▼
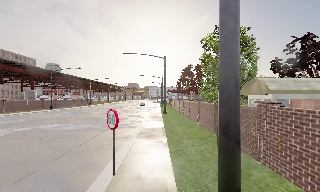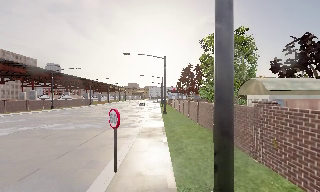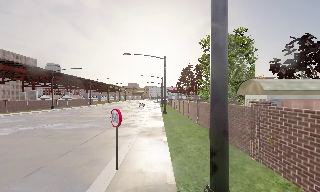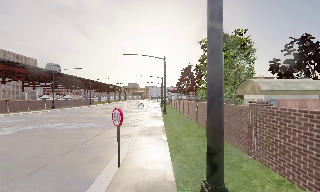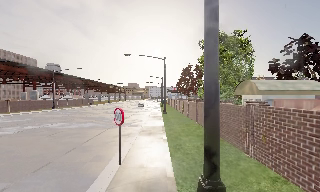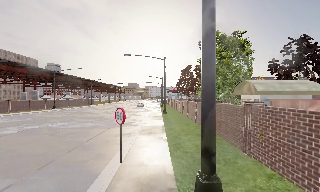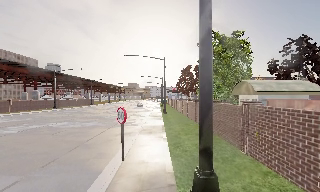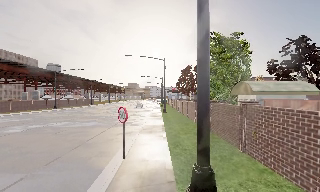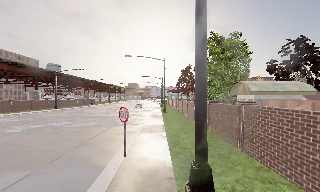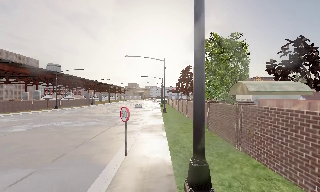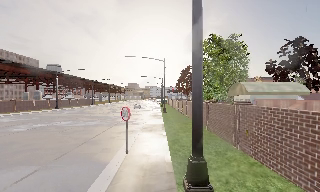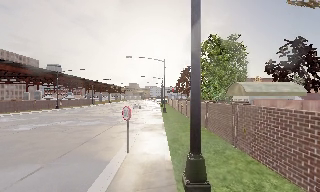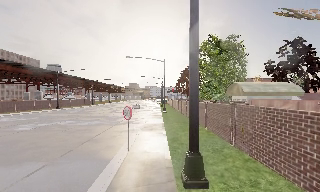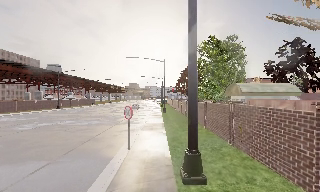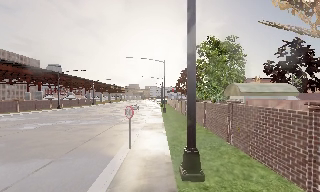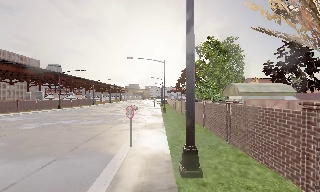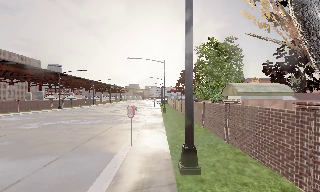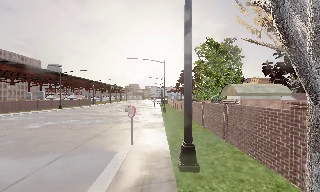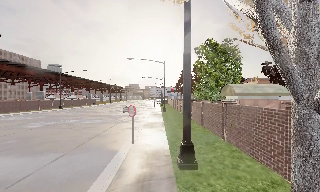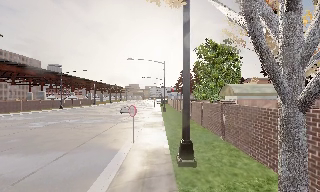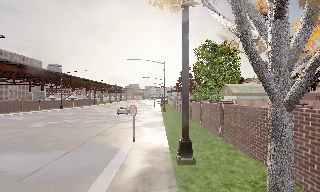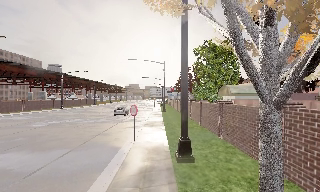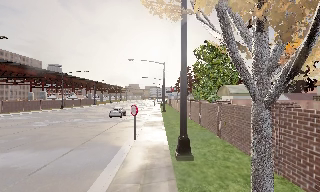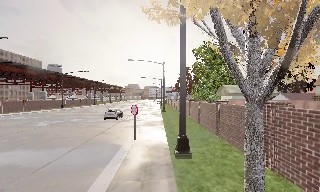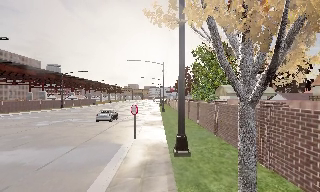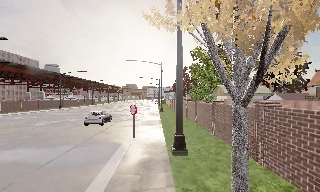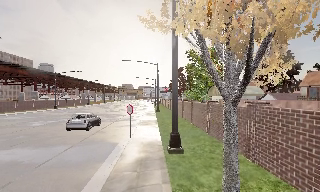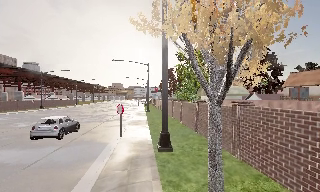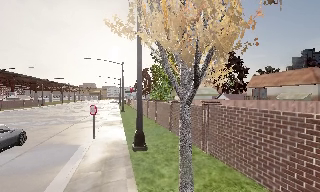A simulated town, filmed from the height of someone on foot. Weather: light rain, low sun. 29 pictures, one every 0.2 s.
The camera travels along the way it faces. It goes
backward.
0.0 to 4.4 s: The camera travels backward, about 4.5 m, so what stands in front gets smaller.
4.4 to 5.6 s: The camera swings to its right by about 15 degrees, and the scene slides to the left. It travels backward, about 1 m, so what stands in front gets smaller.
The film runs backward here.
▲
▸ DESCRIPTION OF THE TASK: Exactly retype each record above, dropping images.

▸ YOUR RESPONSE:
A simulated town, filmed from the height of someone on foot. Weather: light rain, low sun. 29 pictures, one every 0.2 s.
The camera travels along the way it faces. It goes
backward.
0.0 to 4.4 s: The camera travels backward, about 4.5 m, so what stands in front gets smaller.
4.4 to 5.6 s: The camera swings to its right by about 15 degrees, and the scene slides to the left. It travels backward, about 1 m, so what stands in front gets smaller.
The film runs backward here.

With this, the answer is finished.